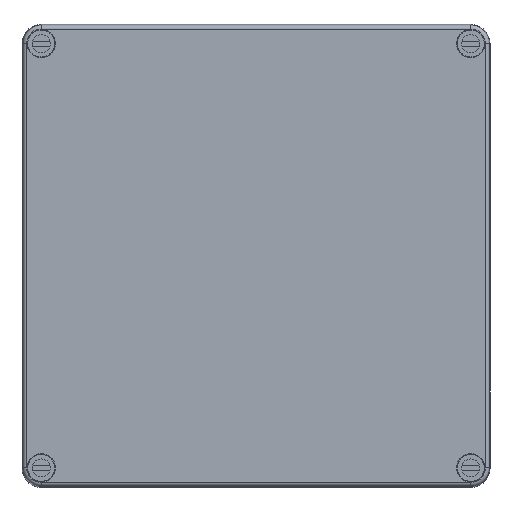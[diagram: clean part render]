
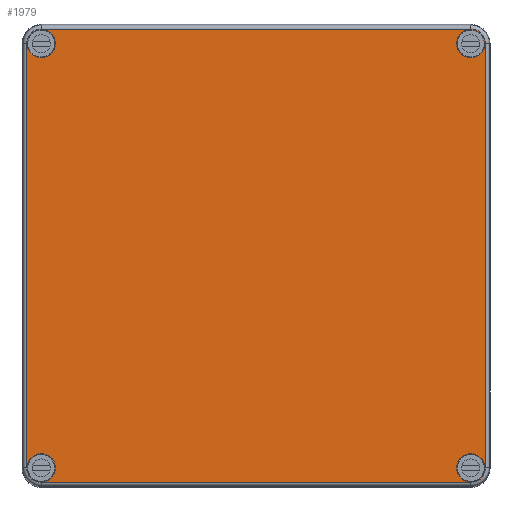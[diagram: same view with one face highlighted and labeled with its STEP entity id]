
A CAD part, top view. The second image highlights one B-rep face of the part: STEP entity #1979.
In plain terms, the highlighted planar face has unit normal (0, 0, 1).
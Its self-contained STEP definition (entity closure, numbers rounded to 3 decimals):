
#1979 = ADVANCED_FACE( '', ( #4130, #4131, #4132, #4133, #4134 ), #4135, .F. );
#4130 = FACE_BOUND( '', #6270, .T. );
#4131 = FACE_BOUND( '', #6271, .T. );
#4132 = FACE_BOUND( '', #6272, .T. );
#4133 = FACE_BOUND( '', #6273, .T. );
#4134 = FACE_OUTER_BOUND( '', #6274, .T. );
#4135 = PLANE( '', #6275 );
#6270 = EDGE_LOOP( '', ( #11564 ) );
#6271 = EDGE_LOOP( '', ( #11565 ) );
#6272 = EDGE_LOOP( '', ( #11566 ) );
#6273 = EDGE_LOOP( '', ( #11567 ) );
#6274 = EDGE_LOOP( '', ( #11568, #11569, #11570, #11571, #11572, #11573, #11574, #11575 ) );
#6275 = AXIS2_PLACEMENT_3D( '', #11576, #11577, #11578 );
#11564 = ORIENTED_EDGE( '', *, *, #13217, .F. );
#11565 = ORIENTED_EDGE( '', *, *, #13330, .F. );
#11566 = ORIENTED_EDGE( '', *, *, #13671, .F. );
#11567 = ORIENTED_EDGE( '', *, *, #12613, .F. );
#11568 = ORIENTED_EDGE( '', *, *, #12763, .T. );
#11569 = ORIENTED_EDGE( '', *, *, #12395, .F. );
#11570 = ORIENTED_EDGE( '', *, *, #13629, .T. );
#11571 = ORIENTED_EDGE( '', *, *, #13636, .T. );
#11572 = ORIENTED_EDGE( '', *, *, #13384, .F. );
#11573 = ORIENTED_EDGE( '', *, *, #13608, .T. );
#11574 = ORIENTED_EDGE( '', *, *, #13507, .F. );
#11575 = ORIENTED_EDGE( '', *, *, #12670, .F. );
#11576 = CARTESIAN_POINT( '', ( -89.173, 82.5, 39. ) );
#11577 = DIRECTION( '', ( 0., 0., -1. ) );
#11578 = DIRECTION( '', ( -1., 0., 0. ) );
#12395 = EDGE_CURVE( '', #14945, #14940, #14947, .T. );
#12613 = EDGE_CURVE( '', #15284, #15284, #15285, .T. );
#12670 = EDGE_CURVE( '', #15377, #15373, #15379, .T. );
#12763 = EDGE_CURVE( '', #15377, #14940, #15523, .T. );
#13217 = EDGE_CURVE( '', #16171, #16171, #16172, .T. );
#13330 = EDGE_CURVE( '', #16314, #16314, #16315, .T. );
#13384 = EDGE_CURVE( '', #16377, #16379, #16380, .T. );
#13507 = EDGE_CURVE( '', #15373, #16523, #16524, .T. );
#13608 = EDGE_CURVE( '', #16377, #16523, #16636, .T. );
#13629 = EDGE_CURVE( '', #14945, #16660, #16661, .T. );
#13636 = EDGE_CURVE( '', #16660, #16379, #16668, .T. );
#13671 = EDGE_CURVE( '', #16706, #16706, #16707, .T. );
#14940 = VERTEX_POINT( '', #18471 );
#14945 = VERTEX_POINT( '', #18477 );
#14947 = LINE( '', #18479, #18480 );
#15284 = VERTEX_POINT( '', #18928 );
#15285 = CIRCLE( '', #18929, 5.5 );
#15373 = VERTEX_POINT( '', #19039 );
#15377 = VERTEX_POINT( '', #19044 );
#15379 = LINE( '', #19046, #19047 );
#15523 = CIRCLE( '', #19241, 5.673 );
#16171 = VERTEX_POINT( '', #20109 );
#16172 = CIRCLE( '', #20110, 5.5 );
#16314 = VERTEX_POINT( '', #20291 );
#16315 = CIRCLE( '', #20292, 5.5 );
#16377 = VERTEX_POINT( '', #20379 );
#16379 = VERTEX_POINT( '', #20381 );
#16380 = CIRCLE( '', #20382, 5.673 );
#16523 = VERTEX_POINT( '', #20580 );
#16524 = CIRCLE( '', #20581, 5.673 );
#16636 = LINE( '', #20715, #20716 );
#16660 = VERTEX_POINT( '', #20743 );
#16661 = CIRCLE( '', #20744, 5.673 );
#16668 = LINE( '', #20751, #20752 );
#16706 = VERTEX_POINT( '', #20794 );
#16707 = CIRCLE( '', #20795, 5.5 );
#18471 = CARTESIAN_POINT( '', ( 89.173, -82.5, 39. ) );
#18477 = CARTESIAN_POINT( '', ( 89.173, 82.5, 39. ) );
#18479 = CARTESIAN_POINT( '', ( 89.173, 82.5, 39. ) );
#18480 = VECTOR( '', #21774, 1000. );
#18928 = CARTESIAN_POINT( '', ( 89., 82.5, 39. ) );
#18929 = AXIS2_PLACEMENT_3D( '', #22051, #22052, #22053 );
#19039 = CARTESIAN_POINT( '', ( -83.5, -88.173, 39. ) );
#19044 = CARTESIAN_POINT( '', ( 83.5, -88.173, 39. ) );
#19046 = CARTESIAN_POINT( '', ( 83.5, -88.173, 39. ) );
#19047 = VECTOR( '', #22140, 1000. );
#19241 = AXIS2_PLACEMENT_3D( '', #22272, #22273, #22274 );
#20109 = CARTESIAN_POINT( '', ( -78., -82.5, 39. ) );
#20110 = AXIS2_PLACEMENT_3D( '', #22852, #22853, #22854 );
#20291 = CARTESIAN_POINT( '', ( 89., -82.5, 39. ) );
#20292 = AXIS2_PLACEMENT_3D( '', #22972, #22973, #22974 );
#20379 = CARTESIAN_POINT( '', ( -89.173, 82.5, 39. ) );
#20381 = CARTESIAN_POINT( '', ( -83.5, 88.173, 39. ) );
#20382 = AXIS2_PLACEMENT_3D( '', #23021, #23022, #23023 );
#20580 = CARTESIAN_POINT( '', ( -89.173, -82.5, 39. ) );
#20581 = AXIS2_PLACEMENT_3D( '', #23145, #23146, #23147 );
#20715 = CARTESIAN_POINT( '', ( -89.173, 82.5, 39. ) );
#20716 = VECTOR( '', #23215, 1000. );
#20743 = CARTESIAN_POINT( '', ( 83.5, 88.173, 39. ) );
#20744 = AXIS2_PLACEMENT_3D( '', #23228, #23229, #23230 );
#20751 = CARTESIAN_POINT( '', ( 83.5, 88.173, 39. ) );
#20752 = VECTOR( '', #23234, 1000. );
#20794 = CARTESIAN_POINT( '', ( -78., 82.5, 39. ) );
#20795 = AXIS2_PLACEMENT_3D( '', #23257, #23258, #23259 );
#21774 = DIRECTION( '', ( 0., -1., 0. ) );
#22051 = CARTESIAN_POINT( '', ( 83.5, 82.5, 39. ) );
#22052 = DIRECTION( '', ( 0., 0., 1. ) );
#22053 = DIRECTION( '', ( 1., 0., 0. ) );
#22140 = DIRECTION( '', ( -1., 0., 0. ) );
#22272 = CARTESIAN_POINT( '', ( 83.5, -82.5, 39. ) );
#22273 = DIRECTION( '', ( 0., 0., 1. ) );
#22274 = DIRECTION( '', ( 1., 0., 0. ) );
#22852 = CARTESIAN_POINT( '', ( -83.5, -82.5, 39. ) );
#22853 = DIRECTION( '', ( 0., 0., 1. ) );
#22854 = DIRECTION( '', ( 1., 0., 0. ) );
#22972 = CARTESIAN_POINT( '', ( 83.5, -82.5, 39. ) );
#22973 = DIRECTION( '', ( 0., 0., 1. ) );
#22974 = DIRECTION( '', ( 1., 0., 0. ) );
#23021 = CARTESIAN_POINT( '', ( -83.5, 82.5, 39. ) );
#23022 = DIRECTION( '', ( 0., 0., -1. ) );
#23023 = DIRECTION( '', ( -1., 0., 0. ) );
#23145 = CARTESIAN_POINT( '', ( -83.5, -82.5, 39. ) );
#23146 = DIRECTION( '', ( 0., 0., -1. ) );
#23147 = DIRECTION( '', ( -1., 0., 0. ) );
#23215 = DIRECTION( '', ( 0., -1., 0. ) );
#23228 = CARTESIAN_POINT( '', ( 83.5, 82.5, 39. ) );
#23229 = DIRECTION( '', ( 0., 0., 1. ) );
#23230 = DIRECTION( '', ( 1., 0., 0. ) );
#23234 = DIRECTION( '', ( -1., 0., 0. ) );
#23257 = CARTESIAN_POINT( '', ( -83.5, 82.5, 39. ) );
#23258 = DIRECTION( '', ( 0., 0., 1. ) );
#23259 = DIRECTION( '', ( 1., 0., 0. ) );
|---|
● WHAT THE TASK ASKS: Everything from the line that contains "#20715 = CARTESIAN_POINT( '', ( -89.173, 82.5, 39." through the final line of the listing is to be restated word for word, and nothing more.

● TASK SOLUTION:
#20715 = CARTESIAN_POINT( '', ( -89.173, 82.5, 39. ) );
#20716 = VECTOR( '', #23215, 1000. );
#20743 = CARTESIAN_POINT( '', ( 83.5, 88.173, 39. ) );
#20744 = AXIS2_PLACEMENT_3D( '', #23228, #23229, #23230 );
#20751 = CARTESIAN_POINT( '', ( 83.5, 88.173, 39. ) );
#20752 = VECTOR( '', #23234, 1000. );
#20794 = CARTESIAN_POINT( '', ( -78., 82.5, 39. ) );
#20795 = AXIS2_PLACEMENT_3D( '', #23257, #23258, #23259 );
#21774 = DIRECTION( '', ( 0., -1., 0. ) );
#22051 = CARTESIAN_POINT( '', ( 83.5, 82.5, 39. ) );
#22052 = DIRECTION( '', ( 0., 0., 1. ) );
#22053 = DIRECTION( '', ( 1., 0., 0. ) );
#22140 = DIRECTION( '', ( -1., 0., 0. ) );
#22272 = CARTESIAN_POINT( '', ( 83.5, -82.5, 39. ) );
#22273 = DIRECTION( '', ( 0., 0., 1. ) );
#22274 = DIRECTION( '', ( 1., 0., 0. ) );
#22852 = CARTESIAN_POINT( '', ( -83.5, -82.5, 39. ) );
#22853 = DIRECTION( '', ( 0., 0., 1. ) );
#22854 = DIRECTION( '', ( 1., 0., 0. ) );
#22972 = CARTESIAN_POINT( '', ( 83.5, -82.5, 39. ) );
#22973 = DIRECTION( '', ( 0., 0., 1. ) );
#22974 = DIRECTION( '', ( 1., 0., 0. ) );
#23021 = CARTESIAN_POINT( '', ( -83.5, 82.5, 39. ) );
#23022 = DIRECTION( '', ( 0., 0., -1. ) );
#23023 = DIRECTION( '', ( -1., 0., 0. ) );
#23145 = CARTESIAN_POINT( '', ( -83.5, -82.5, 39. ) );
#23146 = DIRECTION( '', ( 0., 0., -1. ) );
#23147 = DIRECTION( '', ( -1., 0., 0. ) );
#23215 = DIRECTION( '', ( 0., -1., 0. ) );
#23228 = CARTESIAN_POINT( '', ( 83.5, 82.5, 39. ) );
#23229 = DIRECTION( '', ( 0., 0., 1. ) );
#23230 = DIRECTION( '', ( 1., 0., 0. ) );
#23234 = DIRECTION( '', ( -1., 0., 0. ) );
#23257 = CARTESIAN_POINT( '', ( -83.5, 82.5, 39. ) );
#23258 = DIRECTION( '', ( 0., 0., 1. ) );
#23259 = DIRECTION( '', ( 1., 0., 0. ) );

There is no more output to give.